Processing and monitoring critical jobs

Automatic tracking and prioritizing of critical network jobs.

Workload service assurance provides automatic tracking and prioritizing of critical network jobs and online functions that allow you to monitor and intervene in the processing of critical network jobs.

Automatic tracking and prioritizing

To ensure that critical deadlines can be met, workload service assurance provides the following automated services for critical jobs and for predecessor jobs that form their critical networks:

Promotion

When the critical start time of a job is approaching and the job has not started, the promotion mechanism is used. A promoted job is assigned additional operating system resources and its submission is prioritized.

The timing of promotions is controlled by the global option promotionoffset. Promoted jobs are selected for submission after jobs that have priorities of "high" and "go", but before all other jobs. Prioritizing of operating system resources is controlled by the local options jm promoted nice (UNIX and Linux) and jm promoted priority (Windows).

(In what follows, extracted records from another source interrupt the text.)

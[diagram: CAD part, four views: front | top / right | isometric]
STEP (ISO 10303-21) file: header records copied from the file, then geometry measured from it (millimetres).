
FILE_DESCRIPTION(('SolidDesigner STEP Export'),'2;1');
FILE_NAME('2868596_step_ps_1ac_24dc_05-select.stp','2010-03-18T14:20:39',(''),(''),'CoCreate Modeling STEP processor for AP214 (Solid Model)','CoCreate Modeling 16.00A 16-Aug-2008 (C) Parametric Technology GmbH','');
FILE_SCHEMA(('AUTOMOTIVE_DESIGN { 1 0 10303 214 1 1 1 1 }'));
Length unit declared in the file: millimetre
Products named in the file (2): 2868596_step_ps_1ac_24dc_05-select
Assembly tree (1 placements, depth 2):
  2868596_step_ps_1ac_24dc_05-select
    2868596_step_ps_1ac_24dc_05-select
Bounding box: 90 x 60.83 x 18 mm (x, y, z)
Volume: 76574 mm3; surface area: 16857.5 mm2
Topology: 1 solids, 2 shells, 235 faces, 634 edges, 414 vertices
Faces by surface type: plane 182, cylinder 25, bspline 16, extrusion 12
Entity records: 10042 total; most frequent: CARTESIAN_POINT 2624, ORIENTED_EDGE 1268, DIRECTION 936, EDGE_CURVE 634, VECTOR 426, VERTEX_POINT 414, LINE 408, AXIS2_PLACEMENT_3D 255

Calculation of the critical path

The critical path is the chain of dependencies, leading to the critical job, that is most at risk of causing the deadline to be missed at any given time. The critical path is calculated using the estimated end times of the critical job predecessors. Working back from the critical job, the path is constructed by selecting the predecessor with the latest estimated end time. If the actual end time differs substantially from the estimated end time, the critical path is automatically recalculated.

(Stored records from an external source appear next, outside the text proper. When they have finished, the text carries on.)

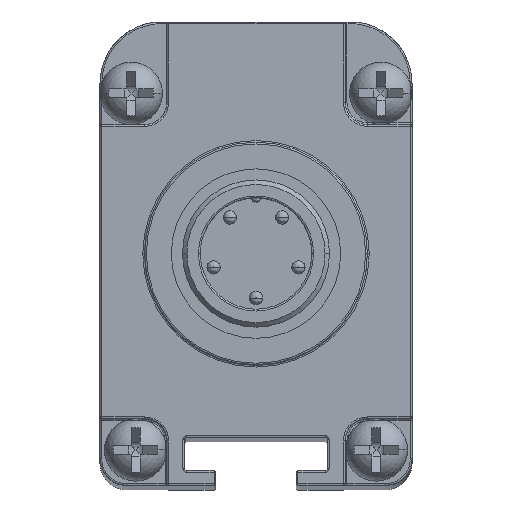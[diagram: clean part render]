
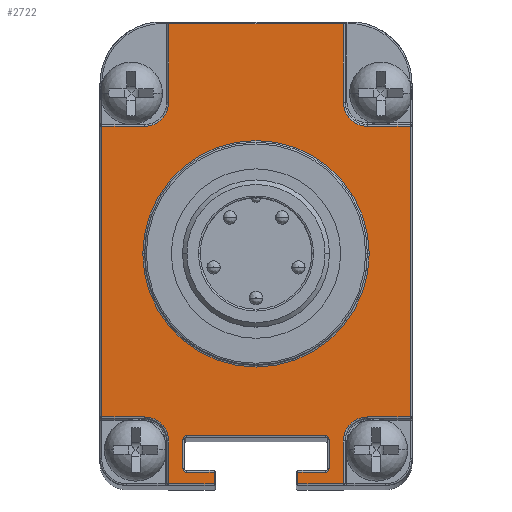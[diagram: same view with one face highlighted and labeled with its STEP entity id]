
A CAD part, top view. The second image highlights one B-rep face of the part: STEP entity #2722.
In plain terms, the highlighted planar face has unit normal (0, 0, 1).
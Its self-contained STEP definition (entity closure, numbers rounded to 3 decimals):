
#179=CARTESIAN_POINT('',(0.,0.,7.5));
#180=DIRECTION('',(0.,0.,1.));
#181=DIRECTION('',(-1.,0.,0.));
#182=AXIS2_PLACEMENT_3D('',#179,#180,#181);
#184=CARTESIAN_POINT('',(0.,0.,7.5));
#185=DIRECTION('',(0.,0.,1.));
#186=DIRECTION('',(1.,0.,0.));
#187=AXIS2_PLACEMENT_3D('',#184,#185,#186);
#189=DIRECTION('',(1.,0.,0.));
#190=VECTOR('',#189,4.8);
#191=CARTESIAN_POINT('',(-17.3,-18.3,7.5));
#192=LINE('',#191,#190);
#193=DIRECTION('',(0.,-1.,0.));
#194=VECTOR('',#193,32.6);
#195=CARTESIAN_POINT('',(-17.3,14.3,7.5));
#196=LINE('',#195,#194);
#197=DIRECTION('',(-1.,0.,0.));
#198=VECTOR('',#197,4.8);
#199=CARTESIAN_POINT('',(-12.5,14.3,7.5));
#200=LINE('',#199,#198);
#201=CARTESIAN_POINT('',(-12.5,17.,7.5));
#202=DIRECTION('',(0.,0.,-1.));
#203=DIRECTION('',(1.,0.,0.));
#204=AXIS2_PLACEMENT_3D('',#201,#202,#203);
#206=DIRECTION('',(0.,-1.,0.));
#207=VECTOR('',#206,8.8);
#208=CARTESIAN_POINT('',(-9.8,25.8,7.5));
#209=LINE('',#208,#207);
#210=DIRECTION('',(-1.,0.,0.));
#211=VECTOR('',#210,19.6);
#212=CARTESIAN_POINT('',(9.8,25.8,7.5));
#213=LINE('',#212,#211);
#214=DIRECTION('',(0.,1.,0.));
#215=VECTOR('',#214,8.8);
#216=CARTESIAN_POINT('',(9.8,17.,7.5));
#217=LINE('',#216,#215);
#218=CARTESIAN_POINT('',(12.5,17.,7.5));
#219=DIRECTION('',(0.,0.,-1.));
#220=DIRECTION('',(0.,-1.,0.));
#221=AXIS2_PLACEMENT_3D('',#218,#219,#220);
#223=DIRECTION('',(-1.,0.,0.));
#224=VECTOR('',#223,4.8);
#225=CARTESIAN_POINT('',(17.3,14.3,7.5));
#226=LINE('',#225,#224);
#227=DIRECTION('',(0.,1.,0.));
#228=VECTOR('',#227,32.6);
#229=CARTESIAN_POINT('',(17.3,-18.3,7.5));
#230=LINE('',#229,#228);
#231=DIRECTION('',(1.,0.,0.));
#232=VECTOR('',#231,4.8);
#233=CARTESIAN_POINT('',(12.5,-18.3,7.5));
#234=LINE('',#233,#232);
#235=CARTESIAN_POINT('',(12.5,-21.,7.5));
#236=DIRECTION('',(0.,0.,-1.));
#237=DIRECTION('',(-1.,0.,0.));
#238=AXIS2_PLACEMENT_3D('',#235,#236,#237);
#240=DIRECTION('',(0.,1.,0.));
#241=VECTOR('',#240,4.8);
#242=CARTESIAN_POINT('',(9.8,-25.8,7.5));
#243=LINE('',#242,#241);
#244=DIRECTION('',(1.,0.,0.));
#245=VECTOR('',#244,5.1);
#246=CARTESIAN_POINT('',(4.7,-25.8,7.5));
#247=LINE('',#246,#245);
#248=DIRECTION('',(0.,-1.,0.));
#249=VECTOR('',#248,1.3);
#250=CARTESIAN_POINT('',(4.7,-24.5,7.5));
#251=LINE('',#250,#249);
#252=DIRECTION('',(-1.,0.,0.));
#253=VECTOR('',#252,3.1);
#254=CARTESIAN_POINT('',(7.8,-24.5,7.5));
#255=LINE('',#254,#253);
#256=CARTESIAN_POINT('',(7.8,-24.1,7.5));
#257=DIRECTION('',(0.,0.,-1.));
#258=DIRECTION('',(1.,0.,0.));
#259=AXIS2_PLACEMENT_3D('',#256,#257,#258);
#261=DIRECTION('',(0.,-1.,0.));
#262=VECTOR('',#261,3.3);
#263=CARTESIAN_POINT('',(8.2,-20.8,7.5));
#264=LINE('',#263,#262);
#265=CARTESIAN_POINT('',(7.8,-20.8,7.5));
#266=DIRECTION('',(0.,0.,-1.));
#267=DIRECTION('',(0.,1.,0.));
#268=AXIS2_PLACEMENT_3D('',#265,#266,#267);
#270=DIRECTION('',(1.,0.,0.));
#271=VECTOR('',#270,15.6);
#272=CARTESIAN_POINT('',(-7.8,-20.4,7.5));
#273=LINE('',#272,#271);
#274=CARTESIAN_POINT('',(-7.8,-20.8,7.5));
#275=DIRECTION('',(0.,0.,-1.));
#276=DIRECTION('',(-1.,0.,0.));
#277=AXIS2_PLACEMENT_3D('',#274,#275,#276);
#279=DIRECTION('',(0.,1.,0.));
#280=VECTOR('',#279,3.3);
#281=CARTESIAN_POINT('',(-8.2,-24.1,7.5));
#282=LINE('',#281,#280);
#283=CARTESIAN_POINT('',(-7.8,-24.1,7.5));
#284=DIRECTION('',(0.,0.,-1.));
#285=DIRECTION('',(0.,-1.,0.));
#286=AXIS2_PLACEMENT_3D('',#283,#284,#285);
#288=DIRECTION('',(-1.,0.,0.));
#289=VECTOR('',#288,3.1);
#290=CARTESIAN_POINT('',(-4.7,-24.5,7.5));
#291=LINE('',#290,#289);
#292=DIRECTION('',(0.,1.,0.));
#293=VECTOR('',#292,1.3);
#294=CARTESIAN_POINT('',(-4.7,-25.8,7.5));
#295=LINE('',#294,#293);
#296=DIRECTION('',(1.,0.,0.));
#297=VECTOR('',#296,5.1);
#298=CARTESIAN_POINT('',(-9.8,-25.8,7.5));
#299=LINE('',#298,#297);
#300=DIRECTION('',(0.,-1.,0.));
#301=VECTOR('',#300,4.8);
#302=CARTESIAN_POINT('',(-9.8,-21.,7.5));
#303=LINE('',#302,#301);
#304=CARTESIAN_POINT('',(-12.5,-21.,7.5));
#305=DIRECTION('',(0.,0.,-1.));
#306=DIRECTION('',(0.,1.,0.));
#307=AXIS2_PLACEMENT_3D('',#304,#305,#306);
#2177=CARTESIAN_POINT('',(-12.7,0.,7.5));
#2178=CARTESIAN_POINT('',(12.7,0.,7.5));
#2179=VERTEX_POINT('',#2177);
#2180=VERTEX_POINT('',#2178);
#2189=CARTESIAN_POINT('',(-17.3,-18.3,7.5));
#2190=CARTESIAN_POINT('',(-12.5,-18.3,7.5));
#2191=VERTEX_POINT('',#2189);
#2192=VERTEX_POINT('',#2190);
#2195=CARTESIAN_POINT('',(-9.8,-21.,7.5));
#2196=VERTEX_POINT('',#2195);
#2199=CARTESIAN_POINT('',(-9.8,-25.8,7.5));
#2200=VERTEX_POINT('',#2199);
#2205=CARTESIAN_POINT('',(-4.7,-25.8,7.5));
#2206=VERTEX_POINT('',#2205);
#2211=CARTESIAN_POINT('',(-4.7,-24.5,7.5));
#2212=VERTEX_POINT('',#2211);
#2217=CARTESIAN_POINT('',(-7.8,-24.5,7.5));
#2218=VERTEX_POINT('',#2217);
#2221=CARTESIAN_POINT('',(-8.2,-24.1,7.5));
#2222=VERTEX_POINT('',#2221);
#2225=CARTESIAN_POINT('',(-8.2,-20.8,7.5));
#2226=VERTEX_POINT('',#2225);
#2229=CARTESIAN_POINT('',(-7.8,-20.4,7.5));
#2230=VERTEX_POINT('',#2229);
#2233=CARTESIAN_POINT('',(7.8,-20.4,7.5));
#2234=VERTEX_POINT('',#2233);
#2237=CARTESIAN_POINT('',(8.2,-20.8,7.5));
#2238=VERTEX_POINT('',#2237);
#2241=CARTESIAN_POINT('',(8.2,-24.1,7.5));
#2242=VERTEX_POINT('',#2241);
#2245=CARTESIAN_POINT('',(7.8,-24.5,7.5));
#2246=VERTEX_POINT('',#2245);
#2249=CARTESIAN_POINT('',(4.7,-24.5,7.5));
#2250=VERTEX_POINT('',#2249);
#2255=CARTESIAN_POINT('',(4.7,-25.8,7.5));
#2256=VERTEX_POINT('',#2255);
#2261=CARTESIAN_POINT('',(9.8,-25.8,7.5));
#2262=VERTEX_POINT('',#2261);
#2267=CARTESIAN_POINT('',(9.8,-21.,7.5));
#2268=VERTEX_POINT('',#2267);
#2271=CARTESIAN_POINT('',(12.5,-18.3,7.5));
#2272=VERTEX_POINT('',#2271);
#2275=CARTESIAN_POINT('',(17.3,-18.3,7.5));
#2276=VERTEX_POINT('',#2275);
#2281=CARTESIAN_POINT('',(17.3,14.3,7.5));
#2282=VERTEX_POINT('',#2281);
#2287=CARTESIAN_POINT('',(12.5,14.3,7.5));
#2288=VERTEX_POINT('',#2287);
#2291=CARTESIAN_POINT('',(9.8,17.,7.5));
#2292=VERTEX_POINT('',#2291);
#2295=CARTESIAN_POINT('',(9.8,25.8,7.5));
#2296=VERTEX_POINT('',#2295);
#2301=CARTESIAN_POINT('',(-9.8,25.8,7.5));
#2302=VERTEX_POINT('',#2301);
#2307=CARTESIAN_POINT('',(-9.8,17.,7.5));
#2308=VERTEX_POINT('',#2307);
#2311=CARTESIAN_POINT('',(-12.5,14.3,7.5));
#2312=VERTEX_POINT('',#2311);
#2315=CARTESIAN_POINT('',(-17.3,14.3,7.5));
#2316=VERTEX_POINT('',#2315);
#2654=CARTESIAN_POINT('',(0.,0.,7.5));
#2655=DIRECTION('',(0.,0.,1.));
#2656=DIRECTION('',(1.,0.,0.));
#2657=AXIS2_PLACEMENT_3D('',#2654,#2655,#2656);
#2658=PLANE('',#2657);
#2660=ORIENTED_EDGE('',*,*,#2659,.F.);
#2662=ORIENTED_EDGE('',*,*,#2661,.F.);
#2664=ORIENTED_EDGE('',*,*,#2663,.F.);
#2666=ORIENTED_EDGE('',*,*,#2665,.F.);
#2668=ORIENTED_EDGE('',*,*,#2667,.F.);
#2670=ORIENTED_EDGE('',*,*,#2669,.F.);
#2672=ORIENTED_EDGE('',*,*,#2671,.F.);
#2674=ORIENTED_EDGE('',*,*,#2673,.F.);
#2676=ORIENTED_EDGE('',*,*,#2675,.F.);
#2678=ORIENTED_EDGE('',*,*,#2677,.F.);
#2680=ORIENTED_EDGE('',*,*,#2679,.F.);
#2682=ORIENTED_EDGE('',*,*,#2681,.F.);
#2684=ORIENTED_EDGE('',*,*,#2683,.F.);
#2686=ORIENTED_EDGE('',*,*,#2685,.F.);
#2688=ORIENTED_EDGE('',*,*,#2687,.F.);
#2689=ORIENTED_EDGE('',*,*,#2644,.F.);
#2691=ORIENTED_EDGE('',*,*,#2690,.F.);
#2693=ORIENTED_EDGE('',*,*,#2692,.F.);
#2695=ORIENTED_EDGE('',*,*,#2694,.F.);
#2697=ORIENTED_EDGE('',*,*,#2696,.F.);
#2699=ORIENTED_EDGE('',*,*,#2698,.F.);
#2701=ORIENTED_EDGE('',*,*,#2700,.F.);
#2703=ORIENTED_EDGE('',*,*,#2702,.F.);
#2705=ORIENTED_EDGE('',*,*,#2704,.F.);
#2707=ORIENTED_EDGE('',*,*,#2706,.F.);
#2709=ORIENTED_EDGE('',*,*,#2708,.F.);
#2711=ORIENTED_EDGE('',*,*,#2710,.F.);
#2713=ORIENTED_EDGE('',*,*,#2712,.F.);
#2714=EDGE_LOOP('',(#2660,#2662,#2664,#2666,#2668,#2670,#2672,#2674,#2676,#2678,
#2680,#2682,#2684,#2686,#2688,#2689,#2691,#2693,#2695,#2697,#2699,#2701,#2703,
#2705,#2707,#2709,#2711,#2713));
#2715=FACE_OUTER_BOUND('',#2714,.F.);
#2717=ORIENTED_EDGE('',*,*,#2716,.T.);
#2719=ORIENTED_EDGE('',*,*,#2718,.T.);
#2720=EDGE_LOOP('',(#2717,#2719));
#2721=FACE_BOUND('',#2720,.F.);
#2722=ADVANCED_FACE('',(#2715,#2721),#2658,.T.);
#183=CIRCLE('',#182,12.7);
#188=CIRCLE('',#187,12.7);
#205=CIRCLE('',#204,2.7);
#222=CIRCLE('',#221,2.7);
#239=CIRCLE('',#238,2.7);
#260=CIRCLE('',#259,0.4);
#269=CIRCLE('',#268,0.4);
#278=CIRCLE('',#277,0.4);
#287=CIRCLE('',#286,0.4);
#308=CIRCLE('',#307,2.7);
#2644=EDGE_CURVE('',#2246,#2250,#255,.T.);
#2659=EDGE_CURVE('',#2191,#2192,#192,.T.);
#2661=EDGE_CURVE('',#2316,#2191,#196,.T.);
#2663=EDGE_CURVE('',#2312,#2316,#200,.T.);
#2665=EDGE_CURVE('',#2308,#2312,#205,.T.);
#2667=EDGE_CURVE('',#2302,#2308,#209,.T.);
#2669=EDGE_CURVE('',#2296,#2302,#213,.T.);
#2671=EDGE_CURVE('',#2292,#2296,#217,.T.);
#2673=EDGE_CURVE('',#2288,#2292,#222,.T.);
#2675=EDGE_CURVE('',#2282,#2288,#226,.T.);
#2677=EDGE_CURVE('',#2276,#2282,#230,.T.);
#2679=EDGE_CURVE('',#2272,#2276,#234,.T.);
#2681=EDGE_CURVE('',#2268,#2272,#239,.T.);
#2683=EDGE_CURVE('',#2262,#2268,#243,.T.);
#2685=EDGE_CURVE('',#2256,#2262,#247,.T.);
#2687=EDGE_CURVE('',#2250,#2256,#251,.T.);
#2690=EDGE_CURVE('',#2242,#2246,#260,.T.);
#2692=EDGE_CURVE('',#2238,#2242,#264,.T.);
#2694=EDGE_CURVE('',#2234,#2238,#269,.T.);
#2696=EDGE_CURVE('',#2230,#2234,#273,.T.);
#2698=EDGE_CURVE('',#2226,#2230,#278,.T.);
#2700=EDGE_CURVE('',#2222,#2226,#282,.T.);
#2702=EDGE_CURVE('',#2218,#2222,#287,.T.);
#2704=EDGE_CURVE('',#2212,#2218,#291,.T.);
#2706=EDGE_CURVE('',#2206,#2212,#295,.T.);
#2708=EDGE_CURVE('',#2200,#2206,#299,.T.);
#2710=EDGE_CURVE('',#2196,#2200,#303,.T.);
#2712=EDGE_CURVE('',#2192,#2196,#308,.T.);
#2716=EDGE_CURVE('',#2179,#2180,#183,.T.);
#2718=EDGE_CURVE('',#2180,#2179,#188,.T.);

Figure 1 shows the critical path through a critical network at a specific time during the processing of the plan.

Figure 1. Critical path

At this specific time, the critical path includes Job3a, Job2a, and Job1a. Job3a and Job3b are the immediate predecessors of the critical job, job4, and Job3a has the later estimated end date. Job3a has two immediate predecessors, Job2a and Job_y. Job2a has the later estimated end time, and so on.

Addition of jobs to the hot list

Jobs that are part of the critical network are added to a hot list that is associated to the critical job itself. The hot list includes any critical network jobs that have a real or potential impact on the timely completion of the critical job. Jobs are added to the hot list for the one or more of the following reasons. Note that only the jobs that begin the current critical network, for which there is no predecessor, can be included in the hot list.

The job has stopped with an error. The length of time before the critical start time is determined by the approachingLateOffset global option.
The job has been running longer than estimated by a factor defined in the longDurationThreshold global option.
The job has still not started, although all its follows dependencies have either been resolved or released, and at least one of the following conditions is true:
- The critical start time has nearly been reached.
- The job is scheduled to run on a workstation where the limit is set to zero.
- The job belongs to a job stream for which the limit is set to zero.
- The job or its job stream has been suppressed.
- The job or its job stream currently has a priority that is lower than the fence or is set to zero.

Setting a high or potential risk status for the critical job

A critical job can be set to the following risk statuses:

High risk: Calculated timings show that the critical job will finish after its deadline.
Initially, estimated start and end times are used. As jobs are completed, timings are recalculated to take account of the actual start and end times of jobs.
Potential risk: Critical predecessor jobs have been added to the hot list.

Online tracking of critical jobs

The Dynamic Workload Console provides specialized views for tracking the progress of critical jobs and their predecessors. You can access the views from the following sources: Start of change

Workload Dashboard: dedicated widgets to monitor the critical status: high risk, no risk, potential risk
Monitor Critical Jobs tasks: lists all critical jobs for a selected engine with the possibility to run actions against the results. View jobs with a high risk level along a horizontal time axis.
What-if analysis view: from a Gantt view, highlight the critical path and show the impact on critical jobs.

The list of results produced by the Monitor Critical Jobs query displays all critical jobs for the engine, showing their status: normal, potential risk, or high risk. From this view, you can navigate to see:

The hot list of jobs that put the critical deadline at risk.
The critical path.
Details of all critical predecessors.
Details of completed critical predecessors.
Job logs of jobs that have already run.

Using the views, you can monitor the progress of the critical network, find out about current and potential problems, release dependencies, and rerun jobs.

The Monitor Critical jobs view provides a timeline, Expand Timeline, which displays the placement along a horizontal time axis of the jobs in the list and highlights jobs with high risk level. Only critical jobs that have not completed are displayed in the timeline. It also allows you to modify the plan deadline and quickly see how it would affect jobs. If you see a job that is late or in high risk state, right-click the job in the list of results and select What-if from the table toolbar to open the What-if Analysis and view them in a Gantt chart for further investigation.